My name is officially spelled as Léon. The letter e with an acute accent causes ...

abruzzi · on Nov 9, 2019

Reminds me of the ode to a shipping label:

http://i.imgur.com/4J7Il0m.jpg

What these things all reinforce is that a lot of programmers take text encoding as a given, and don’t realize all the potential places for errors to sneak in.

Sirened · on Nov 10, 2019

Could be a fun way to hunt for buffer overflows on internal shipping services. Just fill out the sender name field to just "óóóóóóóóóóóóóóóóóóóóóóó" and let it expand. If the parcel arrives, not vulnerable. If the packet doesn't arrive, you've found a vulnerability... somewhere...

perl4ever · on Nov 9, 2019

I wouldn't say an accent "causes" UTF-8 encoding issues. If acute accents are a problem, then UTF-8 handling has completely failed.

It is amazing to me where I see failed encoding like that. For instance, many SEC filings and job ads for tech companies. I mean, I feel like I'm expected to spell things correctly on my resume and emails at work...

deathanatos · on Nov 9, 2019

> If you interpret the UTF-8 é (0xC3A9) as ASCII it becomes Ã (0xC3) + © (0xA9)

As latin1 (ISO-8859-1) or Win-1252; ASCII doesn't have either Ã or ©.

latin1 is the default for text, including HTML, if you don't specify in protocols such as HTTP (modulo some stupidity from the WHATWG where it might be Win-1252 instead) and Windows-1252 is the default encoding in Windows in the USA (at least, prior to the Unicode APIs being added. The old APIs probably still exist though…). So these codecs pop up a lot in places where people who don't know what they're doing end up touching text.

terinjokes · on Nov 9, 2019

The WHATWG HTML spec requires UTF-8 for conforming documents and scripts [WHATWG 4.2.5.4]. In both HTML specs, charset declarations, if provided, must be UTF-8 [4.2.5].

If the transport, content-type, lack of charset declaration, and sniffing fail to determine an encoding, both specs use defaults based on the configured locale, for English that's windows-1252 [WHATWG: 12.2.3.2 W2C: 8.2.2.2]. latin1/ISO-8859-1 is prohibited. [WHATWG: 12.2.3.3 W3C: 8.2.2.3].

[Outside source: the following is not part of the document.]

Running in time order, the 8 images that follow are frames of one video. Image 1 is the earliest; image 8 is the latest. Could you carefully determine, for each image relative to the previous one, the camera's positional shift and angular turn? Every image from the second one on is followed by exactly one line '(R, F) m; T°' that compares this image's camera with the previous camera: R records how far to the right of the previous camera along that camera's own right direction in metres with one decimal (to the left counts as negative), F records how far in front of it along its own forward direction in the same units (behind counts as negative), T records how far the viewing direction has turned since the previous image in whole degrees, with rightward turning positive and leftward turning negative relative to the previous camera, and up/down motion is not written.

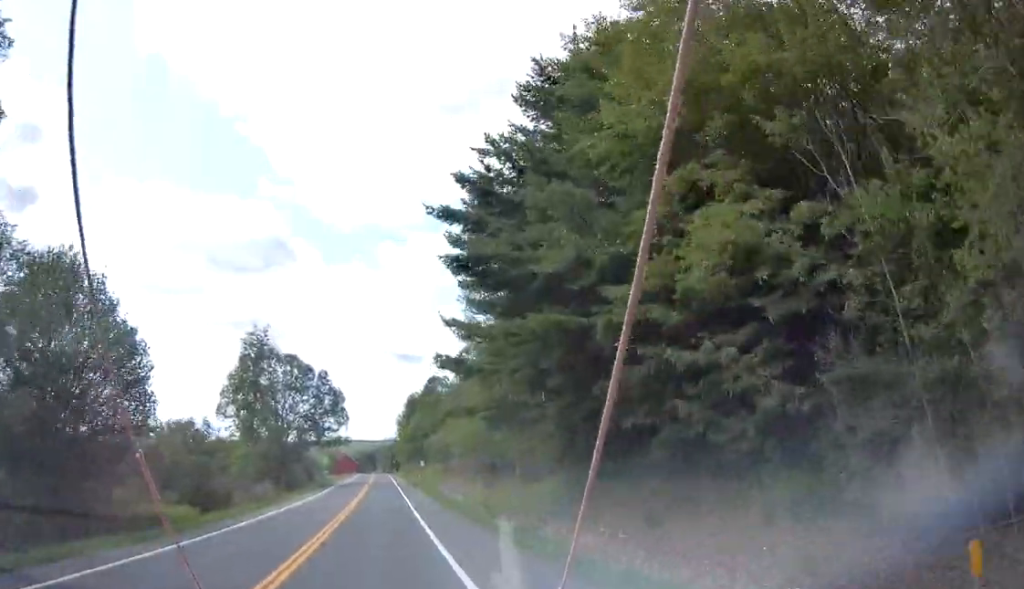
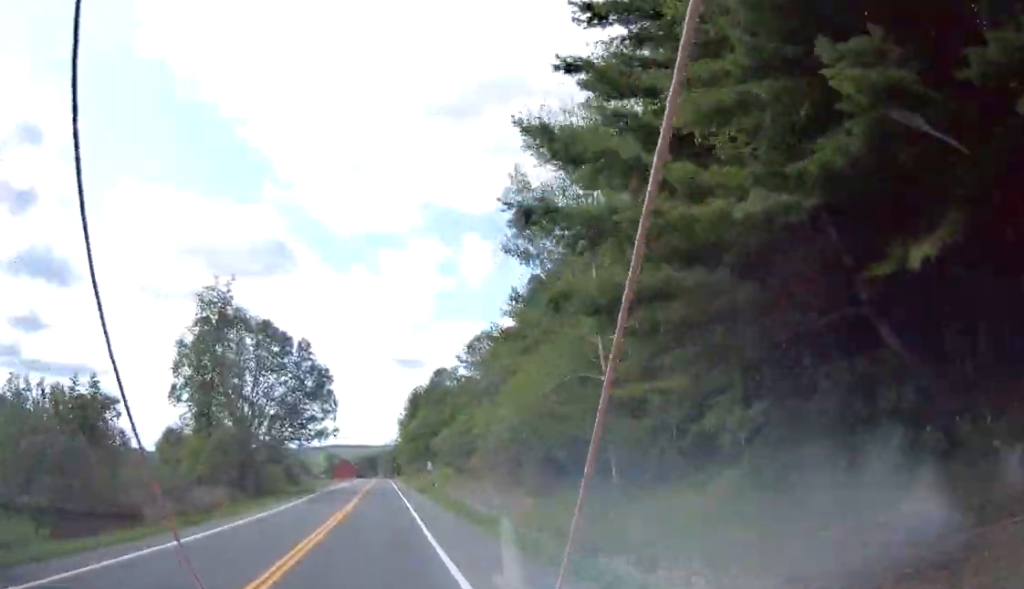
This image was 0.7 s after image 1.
(0.0, +17.6) m; 0°
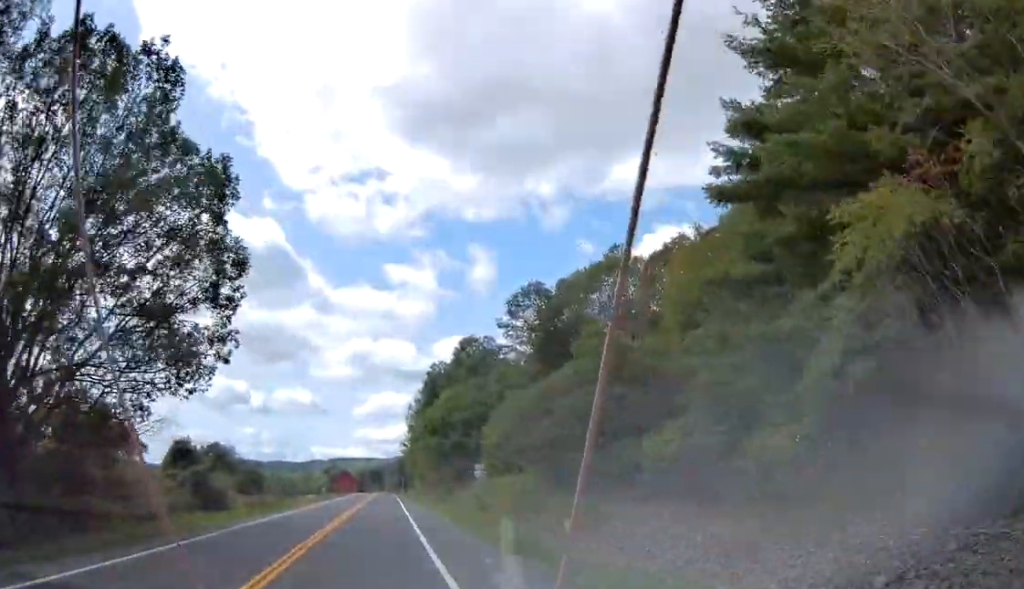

perl4ever · on Nov 9, 2019

I ran across some code once for descrambling data that had been incorrectly processed like that, which I found common in legal documents. It's an interesting problem, because strictly speaking, it's lossy, but you can use probabilities to figure out something plausible. You can decode/encode one thing as another, or you can decode/encode multiple times...

OkGoDoIt · on Nov 9, 2019

Any chance you have a link? I’ve had implement solutions to this myself and it’s very tedious. If someone has built a more complete solution I would love to just use that instead

bulatb · on Nov 9, 2019

This HN thread has some links and discussion: https://news.ycombinator.com/item?id=16103356

perl4ever · on Nov 10, 2019

That might be what I'm remembering; then again, I don't really do Python, so maybe it was something else. I doubt it was anything better than the link above, regardless.

johnp_ · on Nov 9, 2019

You could try inputting your name as [Latin Small Letter E][Combining Acute Accent]:

e◌́ => é

Which should keep the `e` intact, while the combining acute accent (0xCC 0x81) may "only" get converted to a `Ì` which may be stripped. 0x81 is undefined in Windows-1252, so I have no idea what would happen to that, but probably be stripped as well, keeping just Leon.

jcranmer · on Nov 10, 2019

Unless someone decides to NFC-normalize the text along the way. And it's generally agreed that text should be normalized with NFC, although there is often a fierce debate about who should do it ("not me").

gmueckl · on Nov 9, 2019

Reminds me of the times when Amazon failed to reproduce the ü in my last name on their shippig labels. They consistently printed the UTF-8 encoded character interpreted as 8 bit ASCII sequence. That bug was present for a couple of years.